[Activity]
Copy out each line of the data that holds the word "measured".

==== Given entries ====

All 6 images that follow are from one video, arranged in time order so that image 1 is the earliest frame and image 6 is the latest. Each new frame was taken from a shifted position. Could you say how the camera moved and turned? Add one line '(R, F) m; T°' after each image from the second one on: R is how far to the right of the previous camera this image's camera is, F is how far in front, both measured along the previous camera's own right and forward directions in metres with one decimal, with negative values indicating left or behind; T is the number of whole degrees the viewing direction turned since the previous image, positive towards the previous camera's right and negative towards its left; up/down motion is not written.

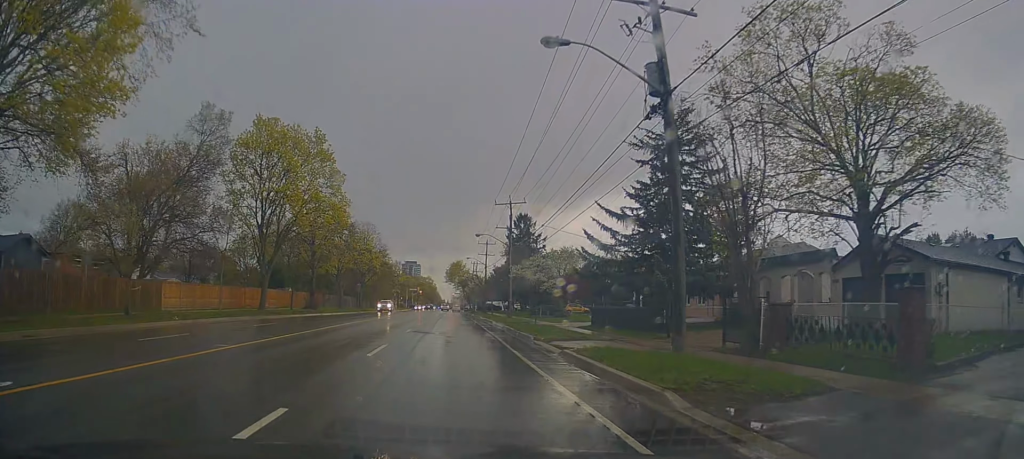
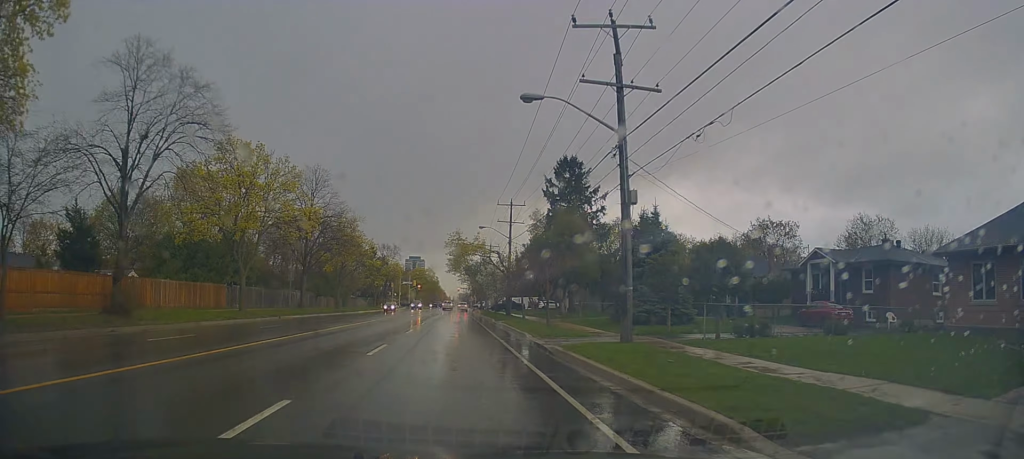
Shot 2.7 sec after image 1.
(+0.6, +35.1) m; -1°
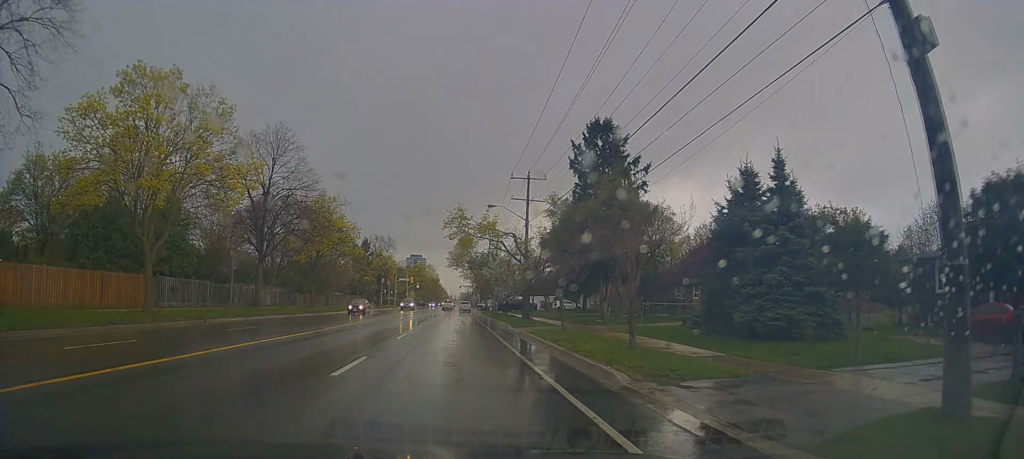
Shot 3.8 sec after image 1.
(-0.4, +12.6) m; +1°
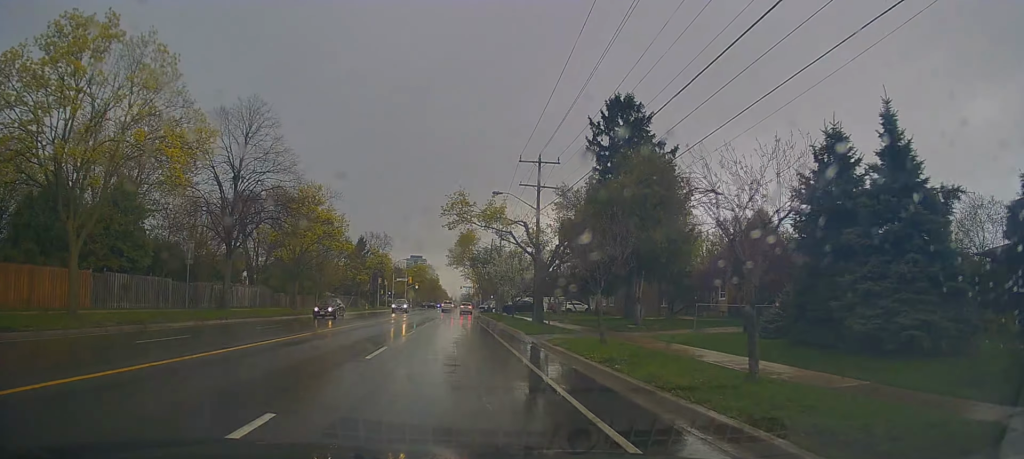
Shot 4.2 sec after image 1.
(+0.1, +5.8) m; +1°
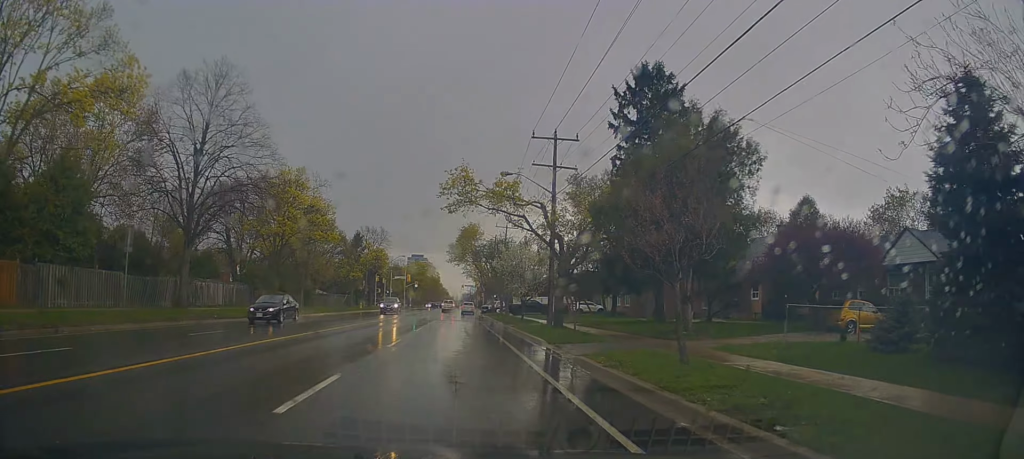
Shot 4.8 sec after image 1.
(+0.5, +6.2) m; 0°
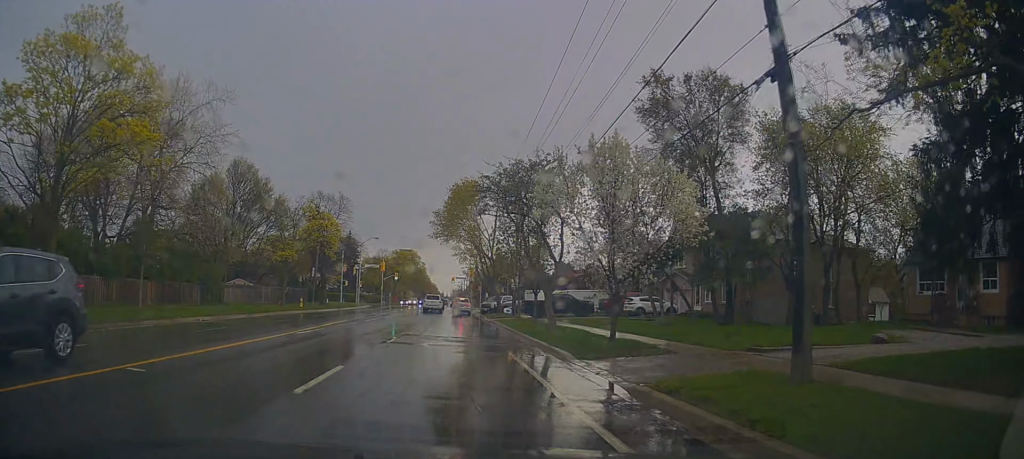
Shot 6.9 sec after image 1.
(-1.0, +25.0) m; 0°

====
==== Given entries ====

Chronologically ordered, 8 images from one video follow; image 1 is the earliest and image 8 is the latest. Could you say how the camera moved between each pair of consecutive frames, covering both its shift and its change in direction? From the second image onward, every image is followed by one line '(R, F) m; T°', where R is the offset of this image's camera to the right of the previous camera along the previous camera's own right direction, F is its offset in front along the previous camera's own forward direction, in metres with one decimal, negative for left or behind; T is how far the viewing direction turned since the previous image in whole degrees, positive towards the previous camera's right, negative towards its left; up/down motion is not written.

====
==== Given entries ====

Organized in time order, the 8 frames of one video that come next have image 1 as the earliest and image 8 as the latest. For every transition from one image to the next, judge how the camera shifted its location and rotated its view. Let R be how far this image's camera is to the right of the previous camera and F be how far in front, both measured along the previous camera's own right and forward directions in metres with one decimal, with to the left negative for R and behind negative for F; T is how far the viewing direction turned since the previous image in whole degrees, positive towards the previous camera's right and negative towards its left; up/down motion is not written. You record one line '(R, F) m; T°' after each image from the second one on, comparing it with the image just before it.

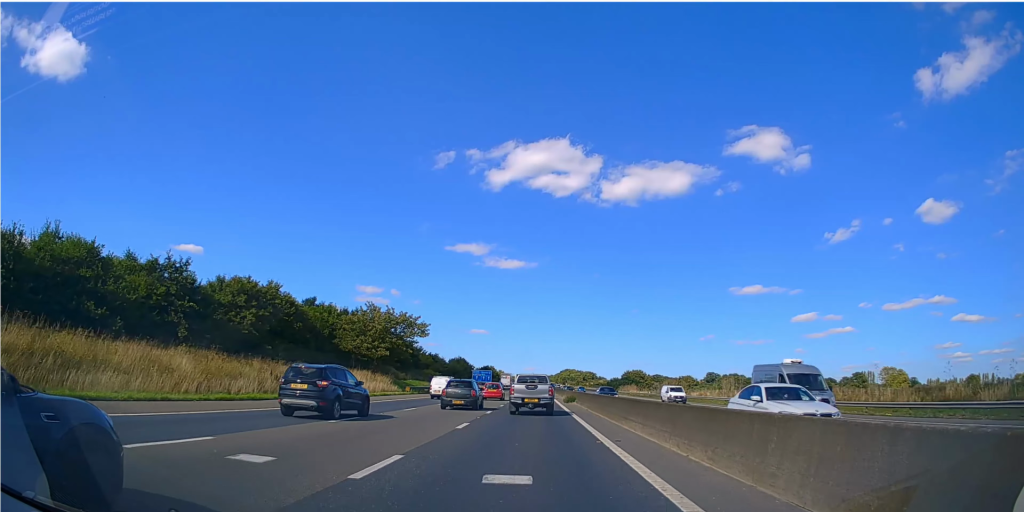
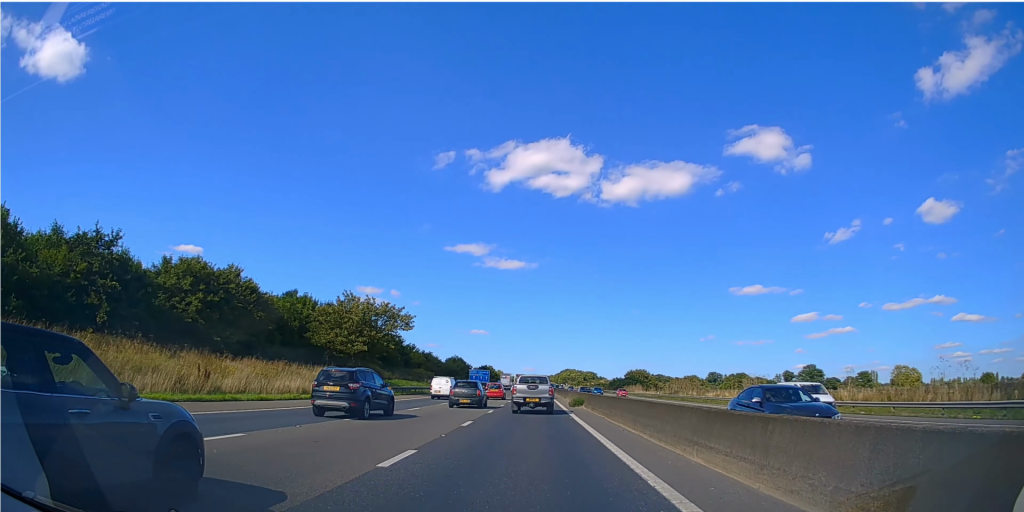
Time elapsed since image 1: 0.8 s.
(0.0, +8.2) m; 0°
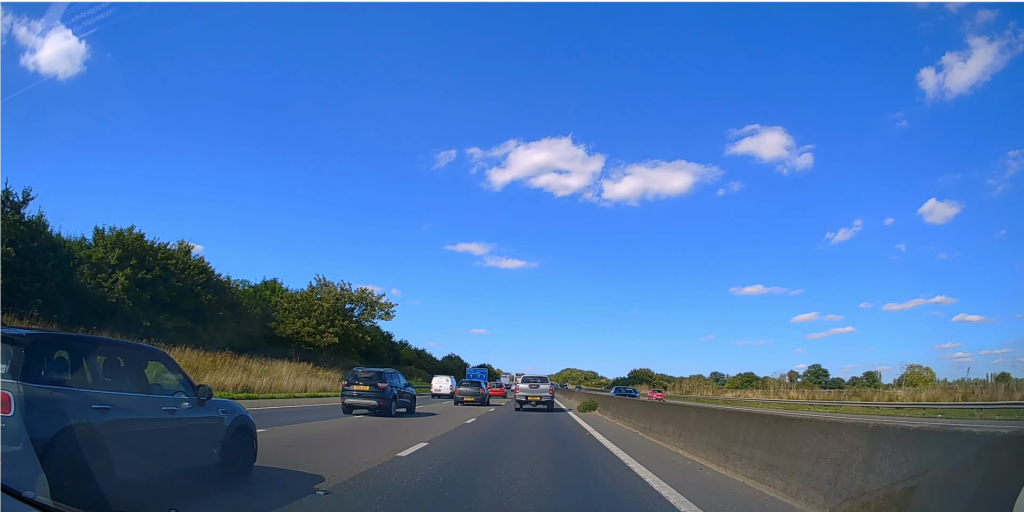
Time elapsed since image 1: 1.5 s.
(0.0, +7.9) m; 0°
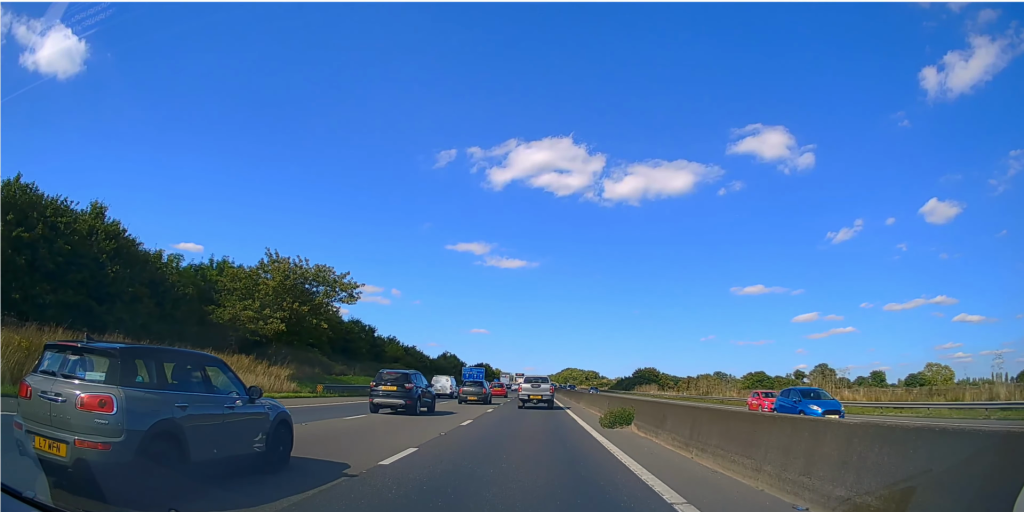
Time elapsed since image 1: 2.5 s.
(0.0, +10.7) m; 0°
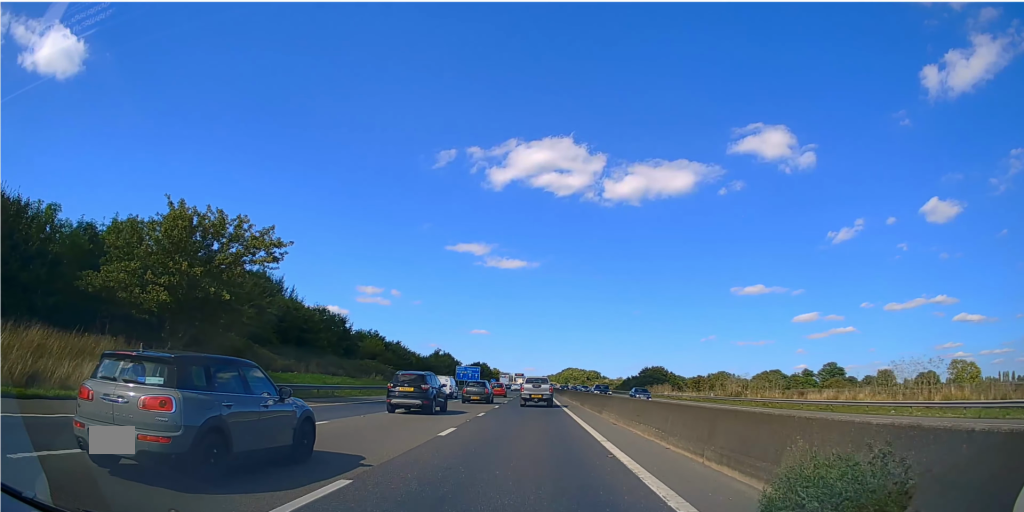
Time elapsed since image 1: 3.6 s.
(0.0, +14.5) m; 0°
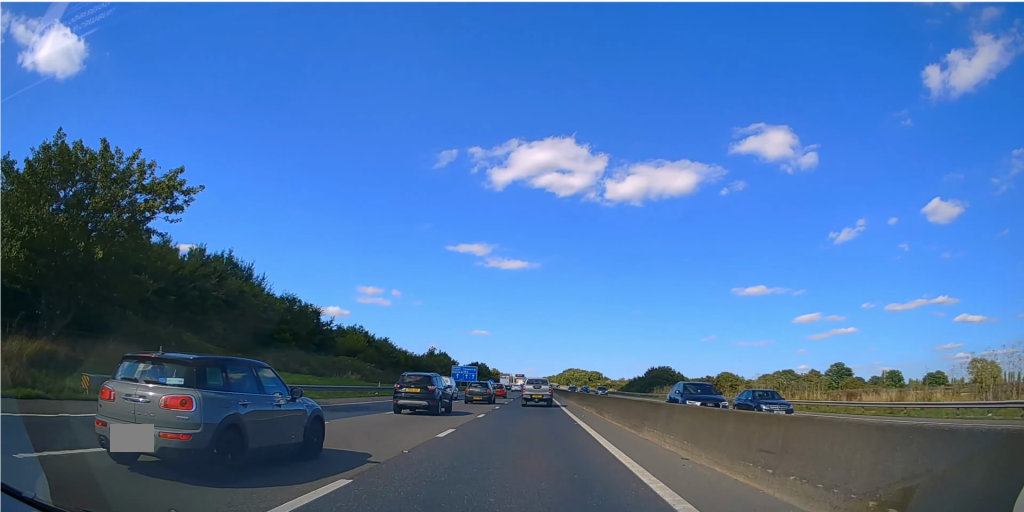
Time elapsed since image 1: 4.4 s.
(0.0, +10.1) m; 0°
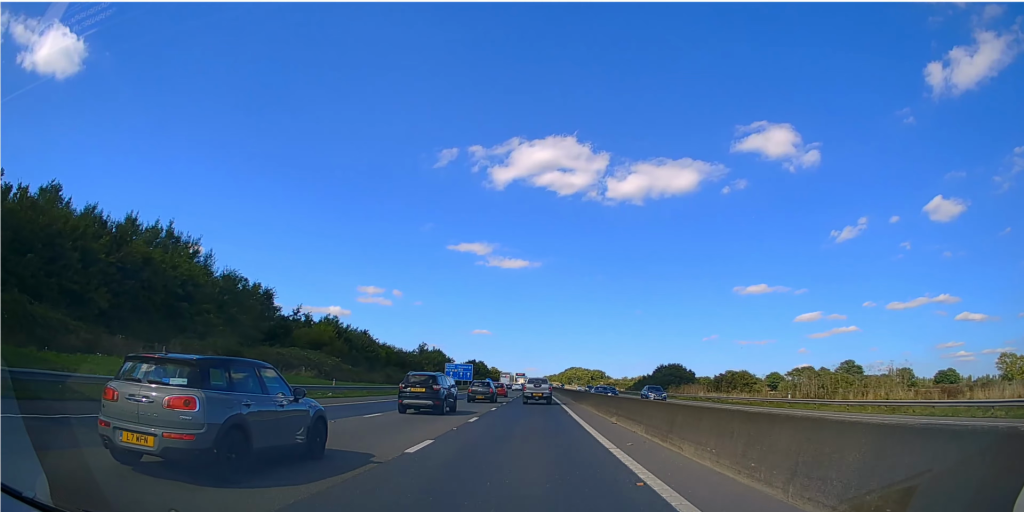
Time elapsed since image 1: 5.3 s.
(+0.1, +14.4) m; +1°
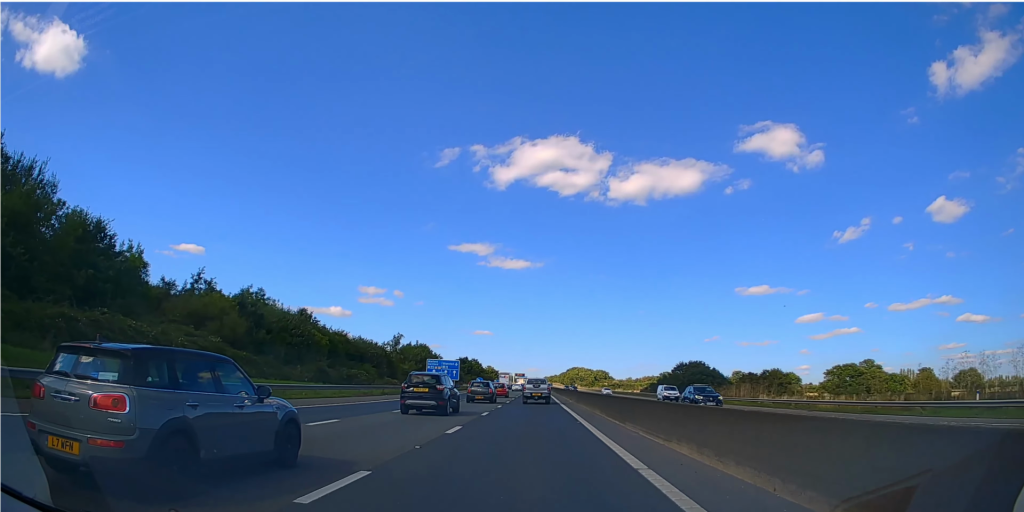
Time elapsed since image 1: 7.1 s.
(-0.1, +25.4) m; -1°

====

[Output]
All 6 images that follow are from one video, arranged in time order so that image 1 is the earliest frame and image 6 is the latest. Each new frame was taken from a shifted position. Could you say how the camera moved and turned? Add one line '(R, F) m; T°' after each image from the second one on: R is how far to the right of the previous camera this image's camera is, F is how far in front, both measured along the previous camera's own right and forward directions in metres with one decimal, with negative values indicating left or behind; T is the number of whole degrees the viewing direction turned since the previous image, positive towards the previous camera's right and negative towards its left; up/down motion is not written.
Organized in time order, the 8 frames of one video that come next have image 1 as the earliest and image 8 as the latest. For every transition from one image to the next, judge how the camera shifted its location and rotated its view. Let R be how far this image's camera is to the right of the previous camera and F be how far in front, both measured along the previous camera's own right and forward directions in metres with one decimal, with to the left negative for R and behind negative for F; T is how far the viewing direction turned since the previous image in whole degrees, positive towards the previous camera's right and negative towards its left; up/down motion is not written. You record one line '(R, F) m; T°' after each image from the second one on, comparing it with the image just before it.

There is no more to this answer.